The Knowledge Problem Behind Mainframe Modernization: A Conversation With Ankur Kalohia

26 June,2026 08:11 PM IST |  Mumbai  | 

Ankur Kalohia.


Mainframe modernization is often described as a move from older infrastructure to cloud platforms, modern databases, and more flexible architectures. But for Ankur Kalohia, a Pittsburgh-based technology leader and Director of Delivery Management at EPAM Systems, one of the hardest parts of modernization comes before migration begins: understanding what the legacy system actually does.

For modernization leaders, that missing understanding creates a business problem as much as a technical one. A company cannot confidently estimate migration cost, design a target-state architecture, or sequence transition waves if it does not understand the business rules and dependencies embedded in the current system. A missed rule can affect system behavior; a hidden dependency can delay a cutover; incomplete lineage can create downstream reporting or compliance risk.

Asked why this phase is often underestimated, Kalohia pointed to the way enterprise systems evolve over time. In many large organizations, especially in finance, insurance, government, logistics, and other transaction-heavy sectors, critical business logic is scattered across COBOL programs, PL/I modules, JCL, copybooks, database calls, batch jobs, message queues, and inter-program dependencies. Requirements documents may be incomplete, original developers may no longer be available, and decades of exceptions or regulatory adjustments may exist only inside the code.

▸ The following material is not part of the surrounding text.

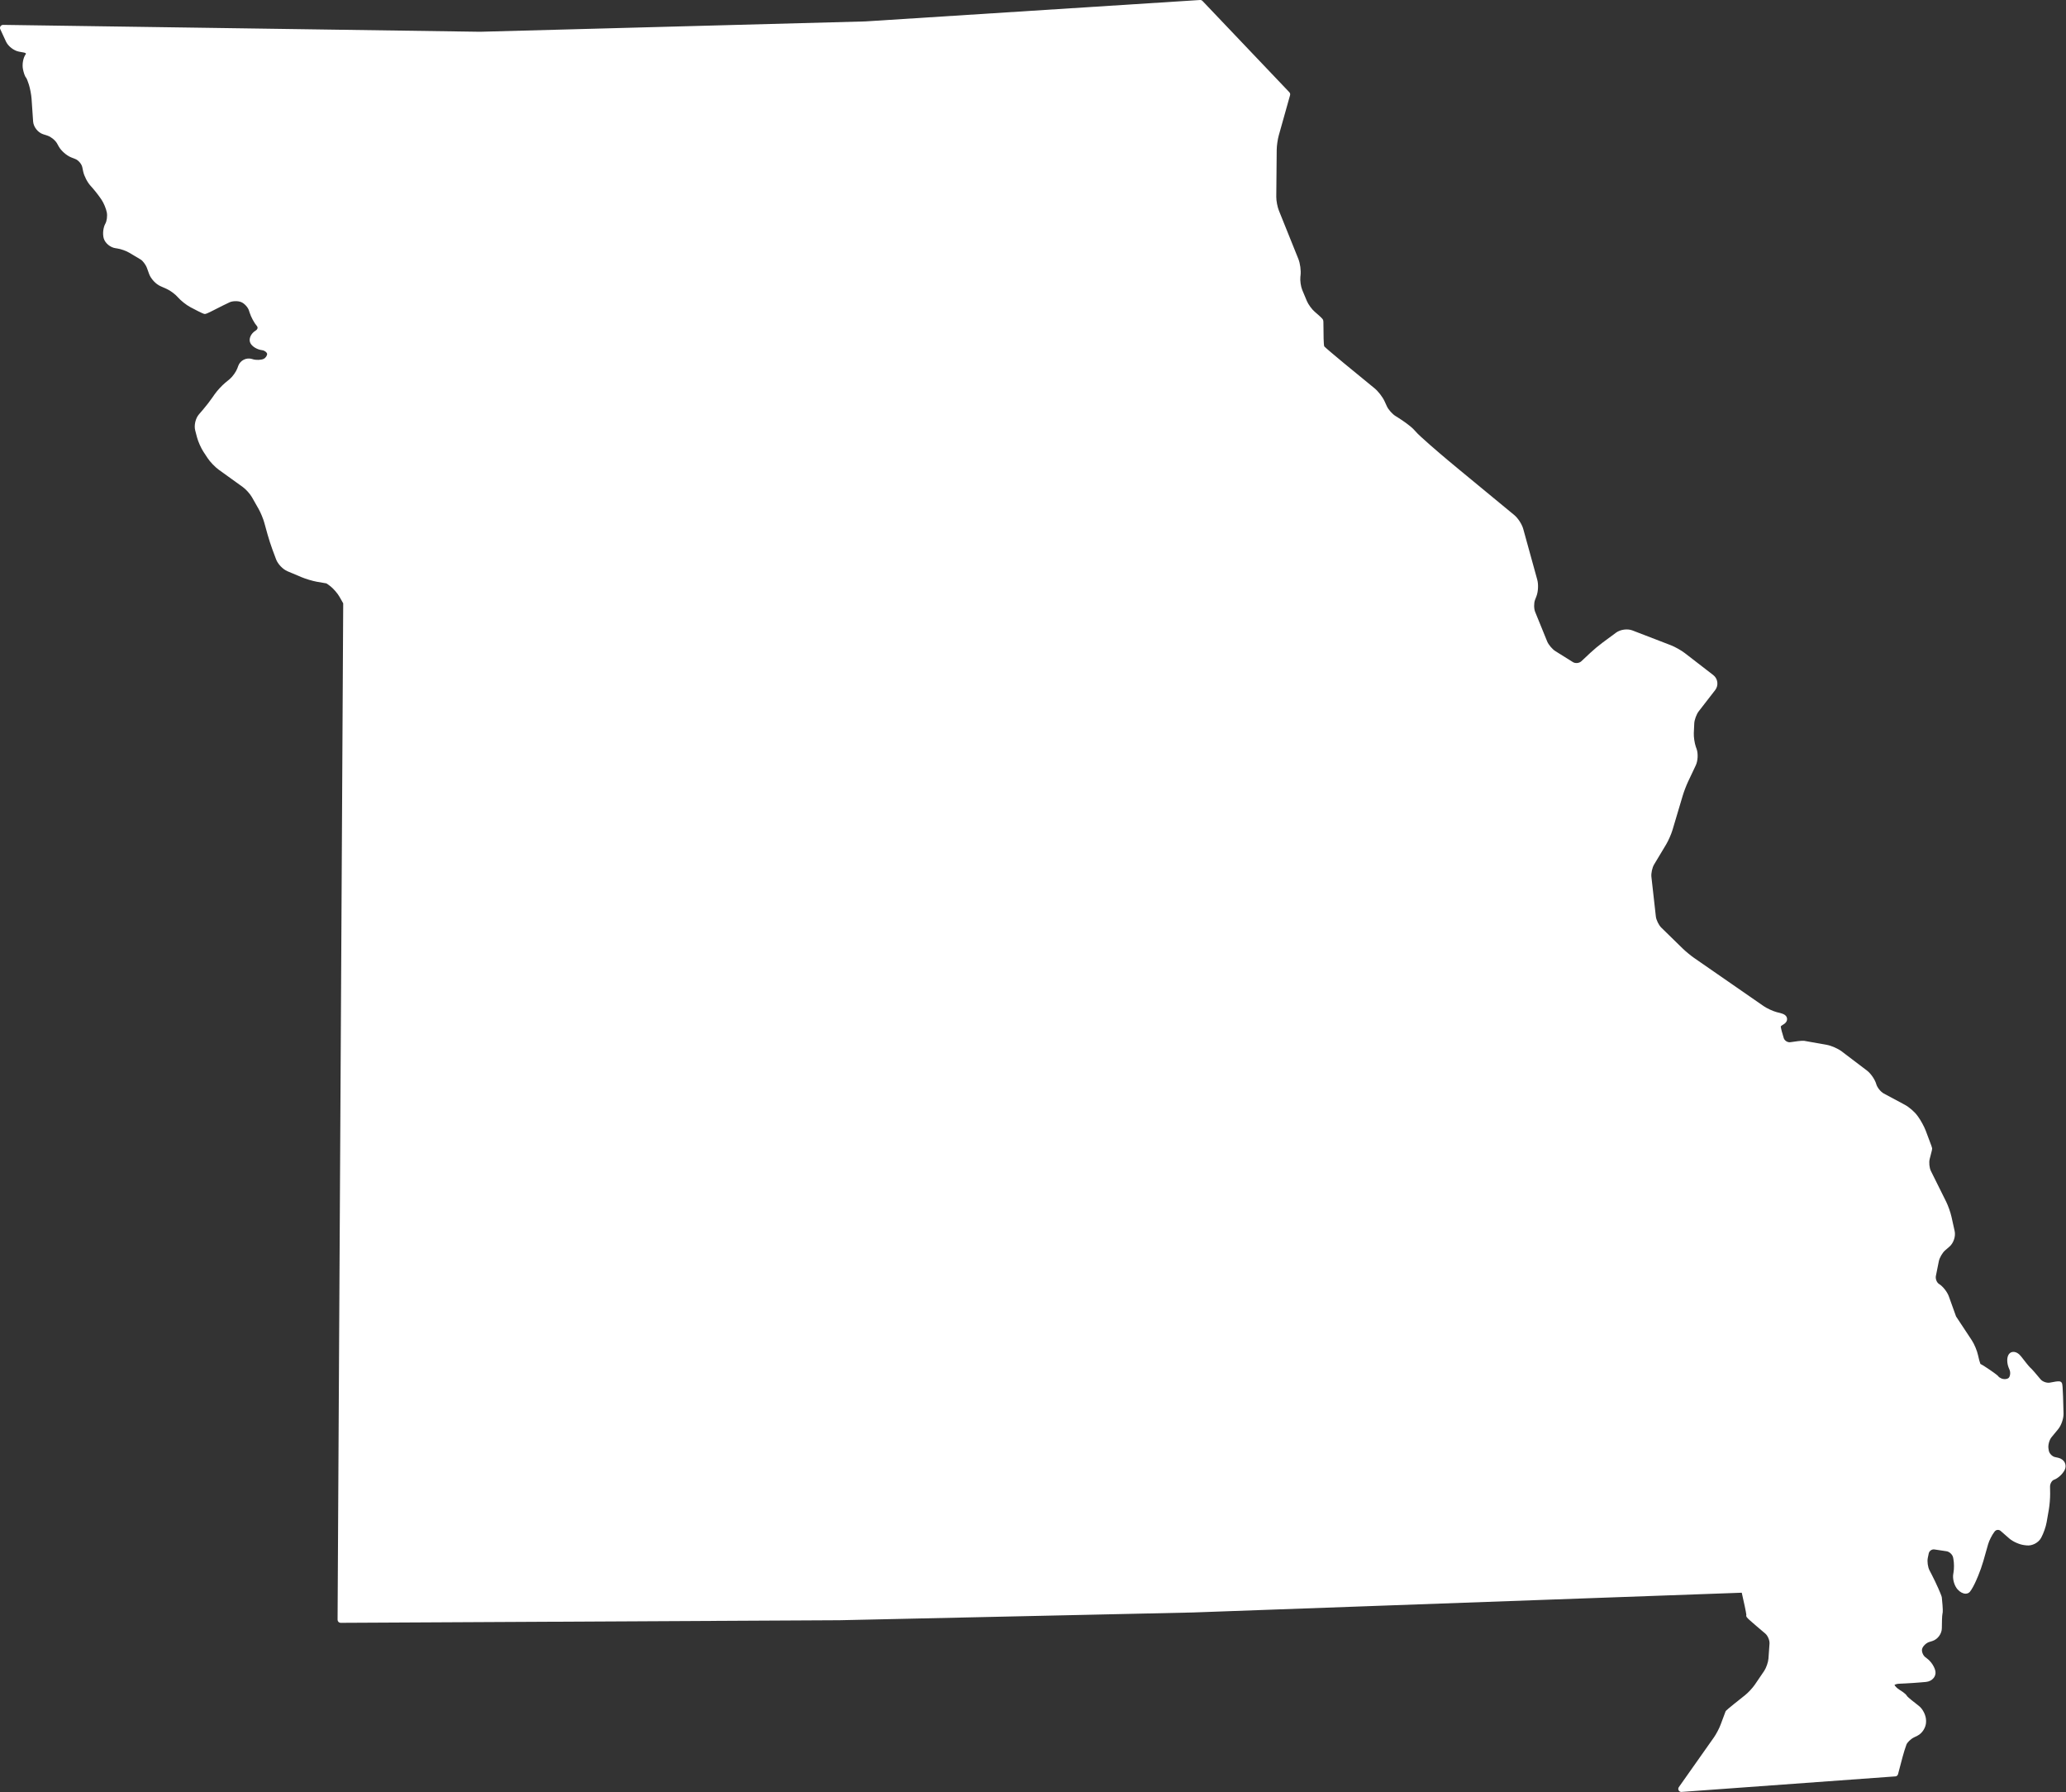 <?xml version="1.0" encoding="UTF-8" standalone="no"?><svg xmlns="http://www.w3.org/2000/svg" xmlns:xlink="http://www.w3.org/1999/xlink" fill="#ffffff" height="433.7" preserveAspectRatio="xMidYMid meet" version="1" viewBox="0.0 -0.0 500.1 433.7" width="500.1" zoomAndPan="magnify"><rect x="0.0" y="-0.0" width="500.1" height="433.7" fill="#333333" stroke="none"/><g id="change1_1"><path d="M 499.781 355.746 C 499.293 356.742 498.148 357.789 497.172 358.129 C 496.727 358.281 496.23 359.02 496.238 359.773 L 496.262 361.504 C 496.27 362.562 496.133 364.273 495.949 365.316 L 495.414 368.391 C 495.227 369.484 494.66 371.102 494.129 372.07 L 494.051 372.215 C 493.422 373.371 491.898 374.156 490.59 374.008 L 490.012 373.941 C 488.852 373.809 487.254 373.102 486.371 372.332 L 484.285 370.508 C 484.07 370.32 483.801 370.23 483.527 370.258 C 483.254 370.281 483.004 370.426 482.828 370.648 L 482.754 370.75 C 482.188 371.48 481.492 372.852 481.242 373.742 L 480.094 377.793 C 479.809 378.805 479.246 380.406 478.836 381.371 L 478.34 382.527 C 477.961 383.414 477.305 384.656 476.859 385.207 C 476.613 385.508 476.246 385.68 475.832 385.691 L 475.797 385.691 C 475.16 385.691 474.441 385.309 473.863 384.664 C 473.043 383.746 472.582 382.07 472.82 380.848 L 472.855 380.656 C 473.031 379.75 473.027 378.215 472.844 377.309 L 472.77 376.93 C 472.633 376.234 471.895 375.531 471.191 375.426 L 468.25 374.984 C 467.633 374.891 467.004 375.332 466.875 375.941 L 466.641 377.07 C 466.469 377.898 466.66 379.281 467.055 380.031 L 467.562 381.008 C 468.043 381.926 468.77 383.441 469.184 384.391 C 470.023 386.301 470.047 386.523 470.047 386.684 C 470.051 386.746 470.062 386.887 470.086 387.086 C 470.301 389.246 470.324 390.168 470.191 390.605 C 470.102 390.922 470.047 392.637 470.047 394.039 C 470.047 395.387 469.039 396.75 467.754 397.145 L 466.98 397.387 C 466.258 397.609 465.441 398.402 465.27 399.055 C 465.109 399.664 465.477 400.617 466.039 401.051 L 466.566 401.461 C 467.523 402.199 468.375 403.566 468.504 404.57 C 468.574 405.109 468.414 405.652 468.055 406.102 C 467.621 406.641 466.938 406.988 466.18 407.051 L 464.941 407.16 C 463.922 407.25 462.25 407.359 461.223 407.41 L 459.672 407.484 C 459.133 407.508 458.742 407.668 458.582 407.781 C 458.711 408.039 459.145 408.547 459.789 408.945 C 461.215 409.816 461.539 410.277 461.637 410.5 C 461.914 410.824 463.289 411.938 464.453 412.824 C 465.441 413.578 466.223 415.141 466.227 416.387 L 466.227 416.711 C 466.23 418.008 465.324 419.473 464.16 420.051 L 463.273 420.488 C 462.473 420.883 461.664 421.723 461.48 422.207 C 461.219 422.891 460.789 424.27 460.539 425.219 L 459.445 429.359 C 459.441 429.371 459.438 429.379 459.438 429.387 C 459.43 429.406 459.422 429.422 459.418 429.438 C 459.406 429.465 459.395 429.488 459.383 429.516 C 459.375 429.531 459.367 429.543 459.359 429.559 C 459.344 429.586 459.324 429.609 459.305 429.633 C 459.297 429.645 459.289 429.656 459.277 429.664 C 459.258 429.691 459.23 429.715 459.203 429.738 C 459.195 429.746 459.191 429.75 459.184 429.758 C 459.148 429.781 459.109 429.809 459.07 429.828 C 459.062 429.832 459.051 429.836 459.039 429.844 C 459.008 429.855 458.977 429.867 458.945 429.879 C 458.93 429.883 458.914 429.887 458.902 429.891 C 458.871 429.895 458.84 429.902 458.805 429.906 C 458.801 429.906 458.789 429.91 458.781 429.91 L 407.043 433.668 C 407.027 433.672 407.008 433.672 406.988 433.672 C 406.945 433.672 406.906 433.664 406.863 433.66 C 406.848 433.656 406.836 433.652 406.82 433.648 C 406.793 433.641 406.766 433.637 406.738 433.625 C 406.723 433.621 406.707 433.613 406.695 433.605 C 406.672 433.598 406.648 433.586 406.625 433.57 C 406.609 433.562 406.598 433.555 406.582 433.547 C 406.574 433.543 406.57 433.539 406.562 433.535 C 406.555 433.527 406.543 433.52 406.535 433.508 C 406.512 433.492 406.488 433.473 406.469 433.453 C 406.453 433.438 406.441 433.422 406.426 433.406 C 406.41 433.387 406.395 433.367 406.379 433.344 C 406.367 433.328 406.355 433.309 406.348 433.289 C 406.336 433.27 406.324 433.246 406.312 433.223 C 406.305 433.203 406.297 433.18 406.289 433.16 C 406.281 433.137 406.273 433.113 406.27 433.09 C 406.266 433.066 406.262 433.043 406.258 433.02 C 406.258 433.008 406.254 432.996 406.25 432.984 C 406.25 432.973 406.254 432.961 406.254 432.953 C 406.254 432.922 406.254 432.898 406.254 432.871 C 406.258 432.852 406.258 432.824 406.262 432.805 C 406.27 432.777 406.273 432.758 406.277 432.734 C 406.285 432.707 406.293 432.684 406.305 432.664 C 406.312 432.641 406.32 432.621 406.332 432.602 C 406.344 432.578 406.355 432.555 406.371 432.531 C 406.375 432.523 406.379 432.512 406.387 432.504 L 414.891 420.445 C 415.438 419.668 416.176 418.258 416.504 417.363 C 417.23 415.383 417.629 414.312 417.695 414.176 C 417.785 413.996 417.852 413.867 422.426 410.242 C 423.164 409.656 424.234 408.504 424.766 407.727 L 427.031 404.398 C 427.527 403.672 428.016 402.266 428.078 401.387 L 428.332 397.766 C 428.387 396.98 427.906 395.848 427.305 395.344 C 427.293 395.336 426.191 394.41 425.113 393.48 C 424.477 392.93 423.969 392.488 423.605 392.164 C 422.887 391.516 422.59 391.25 422.723 390.785 C 422.656 390.172 422.145 387.766 421.613 385.457 L 288.809 390.238 L 203.211 392.117 L 82.461 392.746 C 82.461 392.746 82.457 392.746 82.457 392.746 C 82.258 392.746 82.07 392.668 81.93 392.527 C 81.793 392.387 81.715 392.199 81.715 392 L 83.078 146.016 L 82.168 144.414 C 81.715 143.609 80.711 142.449 79.984 141.883 C 79.609 141.59 79.188 141.289 79.012 141.188 C 78.777 141.156 78.199 141.066 76.672 140.785 C 75.625 140.594 73.973 140.098 72.992 139.684 L 69.582 138.246 C 68.461 137.773 67.25 136.508 66.828 135.363 L 65.926 132.941 C 65.566 131.969 65.047 130.363 64.77 129.359 L 63.965 126.457 C 63.711 125.535 63.098 124.059 62.629 123.227 L 60.992 120.34 C 60.543 119.543 59.535 118.418 58.793 117.883 L 52.953 113.68 C 52.051 113.027 50.859 111.789 50.246 110.855 L 49.266 109.367 C 48.656 108.441 47.961 106.879 47.68 105.809 L 47.25 104.16 C 46.934 102.945 47.324 101.246 48.145 100.297 L 49.234 99.023 C 49.891 98.266 50.879 96.98 51.445 96.156 L 51.895 95.504 C 52.504 94.613 53.676 93.336 54.508 92.645 L 55.621 91.727 C 56.297 91.164 57.16 89.945 57.461 89.121 L 57.68 88.52 C 58.168 87.195 59.656 86.461 61.004 86.879 L 61.188 86.938 C 61.984 87.184 63.215 87.145 63.82 86.852 C 64.344 86.605 64.699 85.984 64.656 85.621 C 64.621 85.324 64.125 84.832 63.426 84.746 C 62.215 84.594 60.992 83.848 60.594 83.004 C 60.133 82.043 60.703 80.719 61.895 79.992 C 62.145 79.84 62.312 79.617 62.344 79.391 C 62.371 79.227 62.324 79.07 62.207 78.934 C 61.551 78.18 60.773 76.754 60.434 75.68 L 60.258 75.137 C 60.016 74.371 59.152 73.43 58.41 73.125 L 58.359 73.105 C 57.609 72.793 56.301 72.82 55.566 73.164 L 55.543 73.176 C 54.629 73.602 53.152 74.332 52.254 74.801 C 49.977 75.984 49.77 75.984 49.586 75.984 C 49.387 75.984 49.195 75.984 46.094 74.344 C 45.105 73.824 43.758 72.754 43.027 71.91 L 43.004 71.883 C 42.402 71.191 41.191 70.297 40.355 69.926 L 38.832 69.25 C 37.723 68.758 36.527 67.48 36.109 66.336 L 35.574 64.863 C 35.262 64.012 34.52 63.082 34.062 62.816 C 33.395 62.43 32.168 61.699 31.336 61.188 C 30.59 60.73 29.195 60.234 28.281 60.113 L 27.988 60.07 C 26.688 59.895 25.418 58.832 25.098 57.648 C 24.805 56.57 24.988 55.016 25.512 54.105 C 25.852 53.516 26.016 52.27 25.859 51.441 L 25.852 51.402 C 25.68 50.496 25.098 49.098 24.578 48.34 L 24.223 47.824 C 23.668 47.023 22.641 45.742 21.98 45.027 L 21.957 45.004 C 21.172 44.16 20.367 42.617 20.133 41.484 L 19.918 40.461 C 19.762 39.703 18.992 38.785 18.27 38.5 L 17.223 38.086 C 16.117 37.645 14.801 36.492 14.223 35.457 L 13.809 34.711 C 13.402 33.98 12.352 33.113 11.562 32.852 L 10.406 32.473 C 9.156 32.059 8.105 30.703 8.016 29.391 L 7.641 23.898 C 7.578 22.945 7.277 21.371 6.988 20.461 C 6.766 19.762 6.469 19.012 6.344 18.84 C 5.977 18.449 5.719 17.508 5.566 16.777 C 5.316 15.582 5.602 13.98 6.215 13.133 C 6.273 13.055 6.293 12.988 6.281 12.965 C 6.258 12.898 6.09 12.77 5.762 12.711 L 4.594 12.496 C 3.359 12.273 1.98 11.203 1.453 10.066 L 0.07 7.07 C 0.066 7.066 0.066 7.059 0.062 7.055 C 0.051 7.027 0.043 7.004 0.035 6.977 C 0.031 6.953 0.023 6.934 0.016 6.91 C 0.012 6.891 0.012 6.867 0.008 6.848 C 0.004 6.816 0.004 6.789 0.004 6.766 C 0.004 6.758 0 6.754 0 6.746 C 0 6.73 0.004 6.715 0.004 6.699 C 0.008 6.676 0.008 6.645 0.016 6.621 C 0.02 6.594 0.027 6.57 0.031 6.547 C 0.039 6.523 0.047 6.504 0.055 6.484 C 0.066 6.457 0.078 6.43 0.094 6.406 C 0.102 6.391 0.109 6.375 0.117 6.363 C 0.137 6.332 0.156 6.305 0.184 6.273 C 0.188 6.27 0.191 6.262 0.199 6.254 C 0.32 6.121 0.488 6.035 0.676 6.023 C 0.695 6.023 0.715 6.02 0.734 6.02 L 0.75 6.02 L 116.211 7.688 L 209.453 5.184 L 290.496 0 C 290.711 -0.012 290.926 0.07 291.078 0.23 L 312.102 22.324 C 312.105 22.332 312.105 22.336 312.109 22.344 C 312.129 22.359 312.145 22.383 312.16 22.406 C 312.176 22.422 312.188 22.441 312.199 22.461 C 312.211 22.48 312.223 22.504 312.23 22.523 C 312.242 22.547 312.254 22.566 312.262 22.59 C 312.27 22.613 312.273 22.633 312.277 22.66 C 312.285 22.68 312.289 22.703 312.293 22.727 C 312.297 22.75 312.297 22.777 312.301 22.801 C 312.301 22.824 312.301 22.848 312.301 22.871 C 312.301 22.895 312.297 22.914 312.293 22.938 C 312.289 22.965 312.285 22.988 312.277 23.016 C 312.277 23.023 312.277 23.027 312.277 23.035 L 309.531 32.812 C 309.273 33.73 309.051 35.305 309.043 36.258 L 308.938 47.645 C 308.93 48.57 309.215 50.074 309.559 50.93 L 314.289 62.68 C 314.715 63.742 314.945 65.461 314.816 66.598 L 314.773 66.992 C 314.672 67.887 314.879 69.344 315.223 70.172 L 316.336 72.836 C 316.684 73.672 317.562 74.875 318.258 75.461 C 320.043 76.98 320.176 77.246 320.238 77.371 C 320.352 77.602 320.359 77.766 320.367 79.555 C 320.371 80.77 320.383 83.254 320.547 83.828 C 321.324 84.641 328.363 90.426 332.719 93.965 C 333.602 94.684 334.664 96.051 335.137 97.082 L 335.727 98.363 C 336.09 99.152 337.059 100.23 337.797 100.68 C 337.945 100.77 341.422 102.879 342.602 104.352 C 343.473 105.441 348.582 109.797 350.48 111.383 C 351.27 112.043 352.547 113.105 353.324 113.746 L 366.551 124.652 C 367.449 125.398 368.402 126.863 368.715 127.992 L 372.109 140.289 C 372.426 141.422 372.344 143.168 371.926 144.266 L 371.57 145.191 C 371.273 145.969 371.289 147.324 371.605 148.094 L 374.508 155.227 C 374.832 156.023 375.758 157.117 376.484 157.574 L 380.75 160.242 C 381.332 160.602 382.273 160.512 382.77 160.043 L 384.98 157.973 C 385.742 157.258 387.047 156.168 387.887 155.547 L 391.203 153.098 C 392.223 152.344 393.945 152.109 395.129 152.566 L 404.453 156.156 C 405.48 156.555 406.965 157.391 407.836 158.062 L 414.711 163.371 C 415.258 163.797 415.609 164.406 415.695 165.094 C 415.785 165.785 415.602 166.465 415.176 167.012 L 411.184 172.164 C 410.656 172.848 410.16 174.199 410.117 175.059 L 410.008 177.41 C 409.965 178.336 410.191 179.855 410.496 180.727 L 410.684 181.246 C 411.086 182.387 410.996 184.137 410.48 185.23 L 408.605 189.195 C 408.191 190.074 407.605 191.605 407.328 192.539 L 404.855 200.844 C 404.551 201.871 403.852 203.457 403.301 204.379 L 400.387 209.234 C 399.945 209.969 399.645 211.352 399.742 212.199 L 400.82 221.809 C 400.914 222.648 401.531 223.906 402.137 224.496 L 407.324 229.562 C 408.02 230.242 409.277 231.277 410.078 231.832 L 426.906 243.488 C 427.68 244.023 429.09 244.68 429.988 244.926 L 431.25 245.266 C 432.312 245.555 432.539 246.16 432.578 246.496 C 432.617 246.832 432.539 247.477 431.574 248.004 C 431.379 248.113 431.156 248.285 431.051 248.402 C 431.082 248.848 431.438 250.18 431.785 251.246 C 431.984 251.867 432.727 252.324 433.367 252.227 C 434.406 252.066 436.215 251.809 436.711 251.891 C 437.16 251.965 441.977 252.824 442.18 252.863 C 443.301 253.062 444.891 253.762 445.797 254.445 L 451.922 259.09 C 452.859 259.801 453.848 261.242 454.176 262.371 L 454.191 262.43 C 454.422 263.215 455.258 264.246 455.98 264.633 L 461.121 267.391 C 462.117 267.926 463.426 269.059 464.098 269.973 L 464.281 270.219 C 464.918 271.086 465.75 272.605 466.137 273.609 C 467.699 277.668 467.699 277.824 467.699 277.992 C 467.699 278.098 467.699 278.277 467.109 280.473 C 466.891 281.277 467.023 282.648 467.398 283.395 L 471.094 290.832 C 471.57 291.789 472.145 293.422 472.379 294.469 L 473.148 297.938 C 473.426 299.191 472.883 300.836 471.91 301.68 L 470.844 302.605 C 470.195 303.164 469.484 304.391 469.32 305.223 L 468.605 308.789 C 468.465 309.488 468.816 310.395 469.355 310.727 C 470.293 311.305 471.34 312.629 471.742 313.742 C 472.188 314.98 473.301 318.074 473.488 318.598 C 473.836 319.121 476.082 322.527 477.301 324.371 C 477.914 325.305 478.578 326.891 478.809 327.984 C 478.973 328.766 479.223 329.715 479.379 330.082 C 479.715 330.242 480.332 330.609 481.602 331.477 C 483.215 332.586 483.715 332.988 483.867 333.266 C 483.98 333.344 484.176 333.461 484.352 333.551 C 485.023 333.891 485.898 333.785 486.227 333.461 C 486.566 333.125 486.73 332.215 486.434 331.5 L 486.238 331.035 C 485.809 329.992 485.688 328.516 486.285 327.715 C 486.543 327.367 486.926 327.176 487.363 327.176 L 487.375 327.176 C 488.02 327.176 488.703 327.582 489.25 328.297 C 490.094 329.398 491.137 330.703 491.367 330.906 C 491.766 331.203 493.148 332.852 493.941 333.809 C 494.418 334.387 495.48 334.758 496.215 334.609 C 498.559 334.125 498.73 334.293 498.98 334.543 C 499.242 334.805 499.332 334.891 499.504 342.109 C 499.531 343.305 498.961 344.961 498.199 345.879 L 496.594 347.828 C 496.074 348.449 495.73 349.703 495.848 350.504 L 495.926 351.016 C 496.031 351.723 496.734 352.477 497.434 352.629 L 498.199 352.797 C 498.934 352.961 499.52 353.391 499.809 353.992 C 500.074 354.543 500.062 355.168 499.781 355.746"/></g></svg>

"After years or decades, the code becomes the living record of the business," Kalohia said. "Before you modernize, you have to recover that meaning."

It is the problem Kalohia says he kept encountering in modernization work. His related paper, Leveraging Generative AI for Extracting Business Requirements from Legacy COBOL and PL/I Code, was published as part of the ACL 2026 Industry Track Poster program and is identified by DOI: 10.2139/ssrn.6055934.

The work focuses on recovering business rules, requirements, dependencies, lineage, CRUD patterns, source-to-target mappings, and program behavior from complex legacy estates. These are the artifacts modernization teams need before they can make safe decisions about migration scope, sequencing, target architecture, integration, and operational risk.

"Knowing that a program exists is not enough," he said. "You need to know what business behavior it supports, which rules it enforces, lineage, what data it reads or updates, and how that knowledge should be carried into the target state."

One implementation of that approach is an AI-assisted reverse-engineering capability developed by him and his team for legacy modernization work. Rather than asking a large language model to interpret raw COBOL or PL/I code in isolation, the method first applies deterministic program analysis to parse and structure the source code. It extracts control flow, data flow, dependencies, database usage, external references, and program structure. AI is then used to translate that structured information into reviewable business and architecture artifacts.

"The goal is not to replace human experts," Kalohia said. "The goal is to give them a better starting point."

Kalohia is careful not to describe AI as a shortcut around modernization discipline. In his view, the technology is useful only when paired with deterministic analysis, human review, and governance controls. A useful AI output cannot merely sound convincing; it must be specific, reviewable, and connected to the underlying system behavior. In environments involving payments, trading, claims, logistics, customer records, or regulatory reporting, a missed rule or hidden dependency can create testing delays, rework, or transition risk.

The reported results give a sense of what the method is intended to improve. In evaluation work involving large COBOL portfolios, Kalohia said the approach was compared against expert-authored business rules and manual documentation work. The reported results included approximately 95 percent agreement with expert-authored rules, a roughly 70 percent reduction in documentation effort, and analysis throughput several times faster than manual review.

Across online, batch, CICS, and JCL workloads, analysis throughput increased from roughly 313 lines of code per hour in manual review to around 1,000 lines of code per hour through the automated pipeline.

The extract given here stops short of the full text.